Se quedó mirando la ventana por un largo rato. Detrás del grueso cristal que lo separaba del
mundo, los niños del kínder de la escuela vecina correteaban en el patio, otros estaban pegados
en la malla de alambre esperando con ansias a sus padres. Pero también podía observar su
propio reflejo, un muchacho de mirada torva.
—¡Puto!— escuchó por enésima vez. Pero en esta ocasión más fuerte, provocando las
risas hirientes de todo el grupo. Ella (¿él?) sabía que no debía llorar. A pesar de ser femenino
podía, y lo había hecho, romperle la madre a quien se lo mereciera.

Nadie entiende que es una chica. Todavía tiene el vívido recuerdo de la Nochebuena de
hace dos años. La mesa estaba lista, la familia acomodada, vestidos típicamente para una cena
navideña. Él (¿ella?) había elegido un vestido rojo a lo Jessica Rabbit. Fue la primera vez que el
padre la veía transformada. Vio en los ojos de su papá, miedo y dolor.

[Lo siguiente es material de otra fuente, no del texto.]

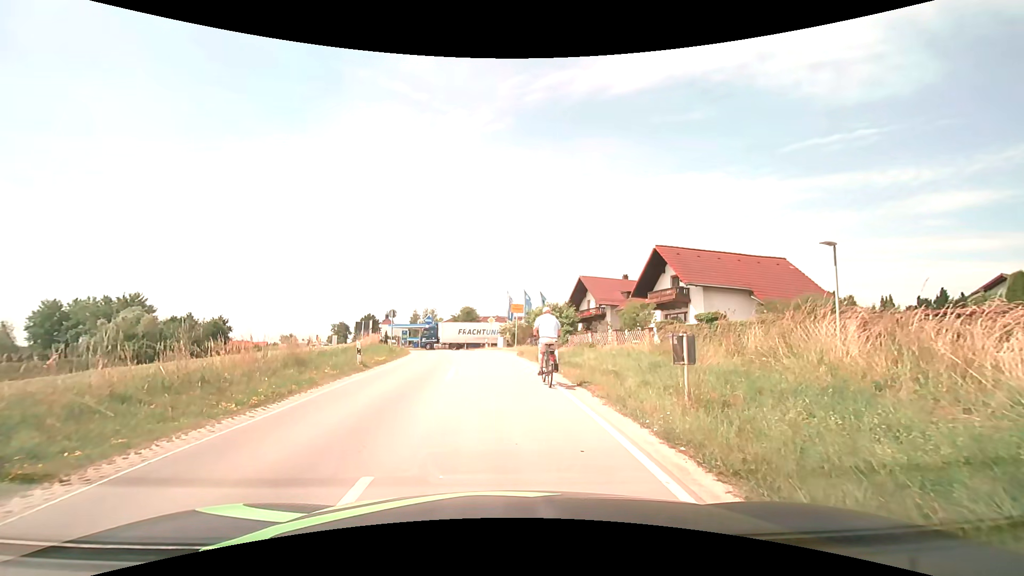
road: secondary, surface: asphalt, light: Day
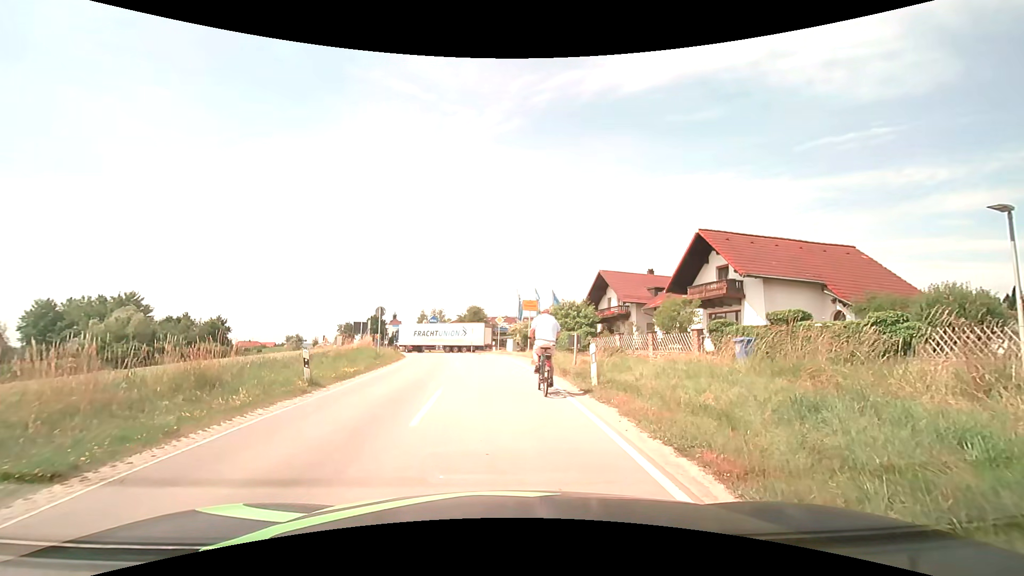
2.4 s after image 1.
(0.0, +5.8) m; +1°
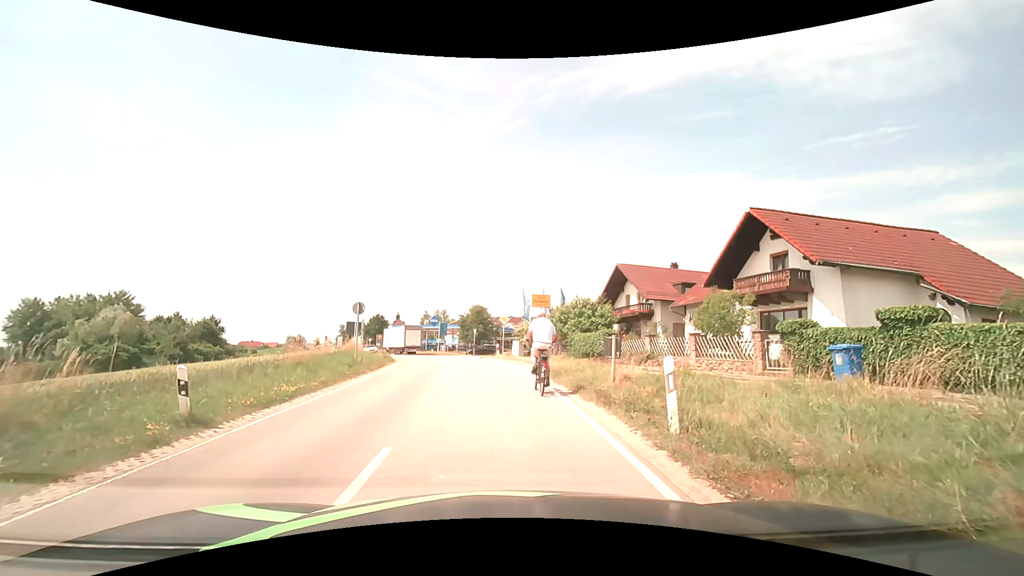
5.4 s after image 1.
(-0.2, +5.2) m; -3°
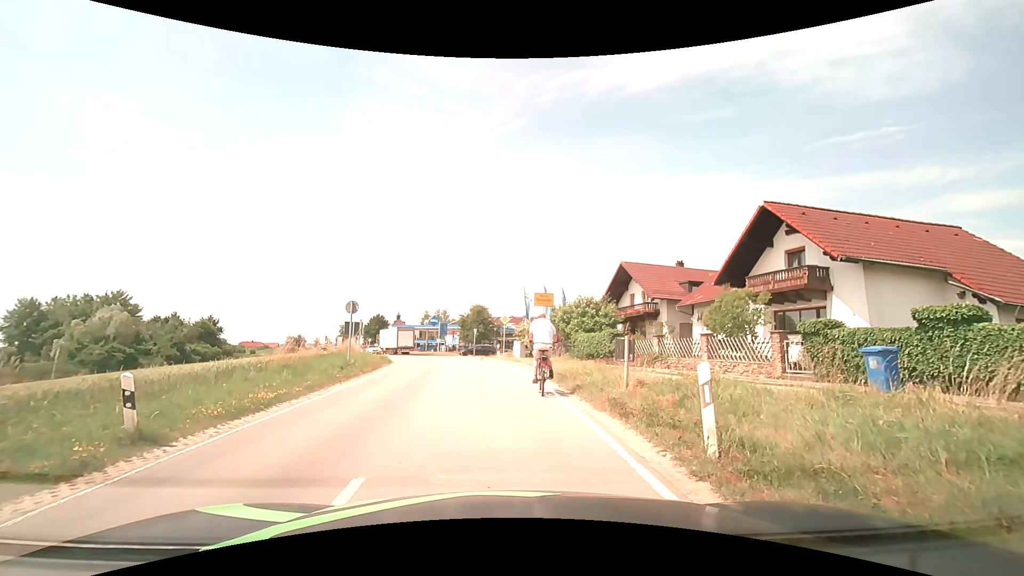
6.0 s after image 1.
(0.0, +1.2) m; +1°
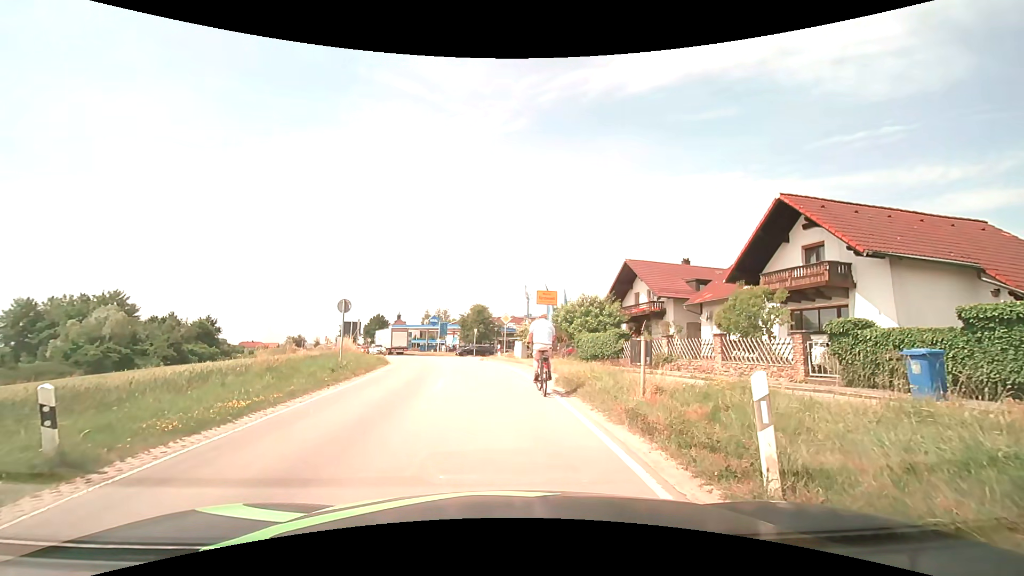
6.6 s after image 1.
(0.0, +1.2) m; 0°
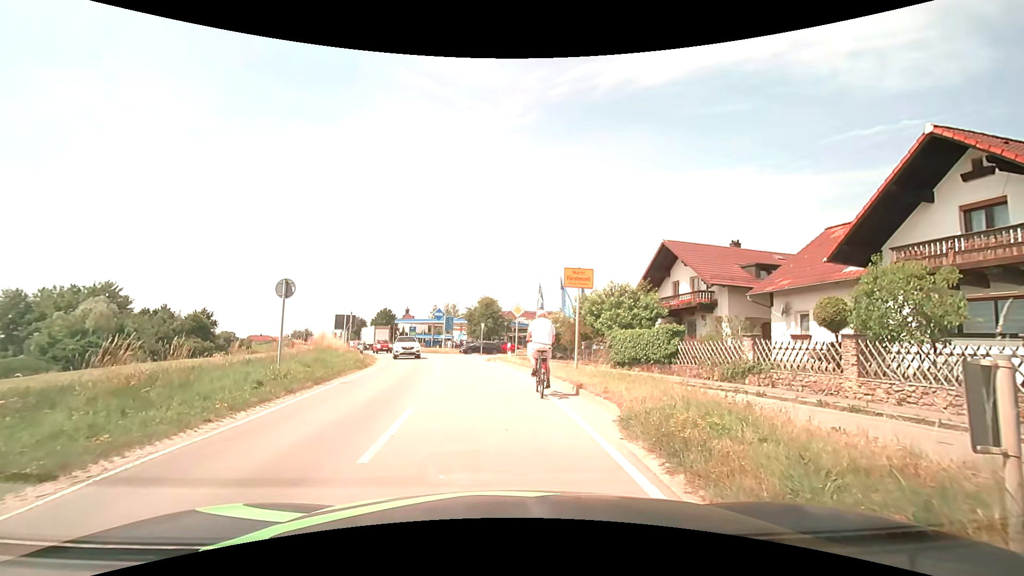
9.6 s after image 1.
(-0.1, +6.7) m; -2°
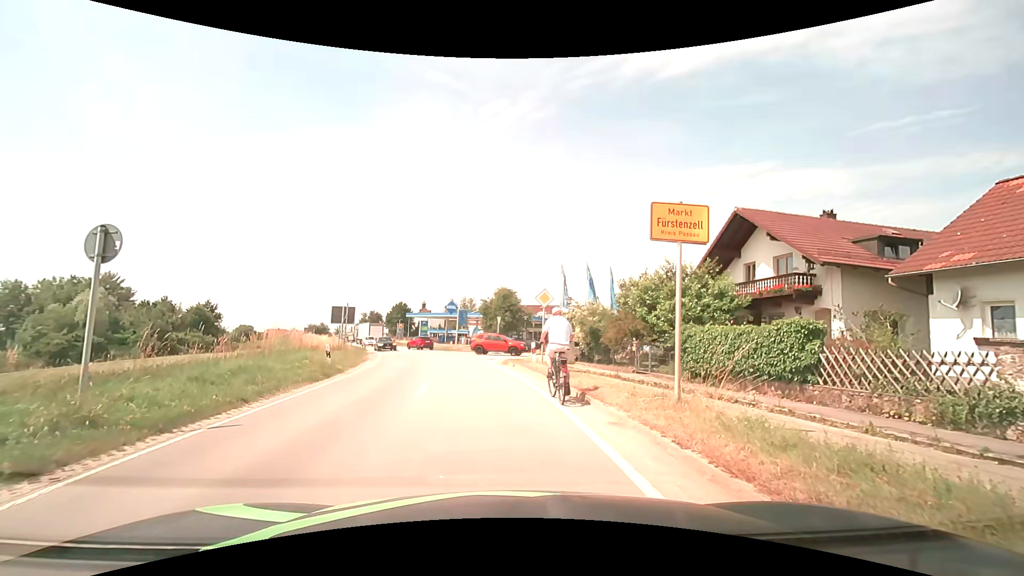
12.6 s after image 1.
(-0.1, +7.3) m; -2°
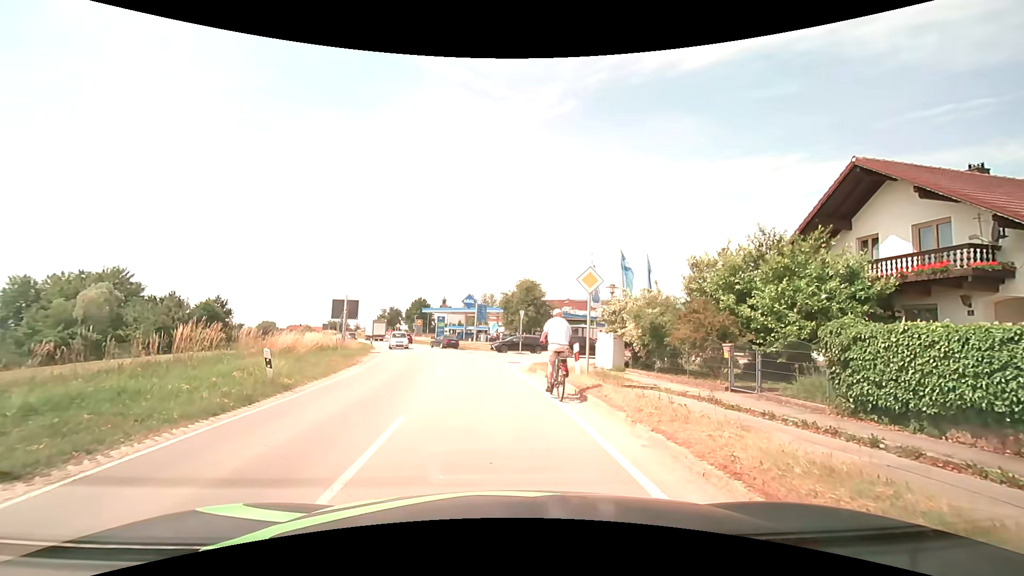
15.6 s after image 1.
(-0.1, +6.4) m; -2°
(0, +10) (-1, +20) (-2, +30) (-4, +40) (-7, +49) (-9, +59) (-13, +68) (-16, +78) (-19, +87) (-23, +97) m

El cuerpo es un campo de batalla, quién mejor podría saberlo que ella, que a los cinco
años le cortaron el cabello al rape, para que no pudiera adornárselo. Lloró cuando el peluquero,
no la estilista, le pasó la máquina y su tétrico zumbido, y el castaño lacio que adornaba con dos
pequeñas colas, llovió sobre el piso. Cerró los ojos, no quería ver la imagen del varón que nunca
había sido.

Renacer es un dolor necesario. Renacer es florecer. Renacer es transmutación.

Ahora, después de todo este tiempo, se siente completa, sin el sufrimiento de despertar
diariamente a la pesadilla de ser hombre. Sigue aprendiendo, caminando el trayecto del parecer al
ser.
Sabe, aunque a veces la noche caiga sobre sus días, que ha hecho todo lo posible para
ser feliz.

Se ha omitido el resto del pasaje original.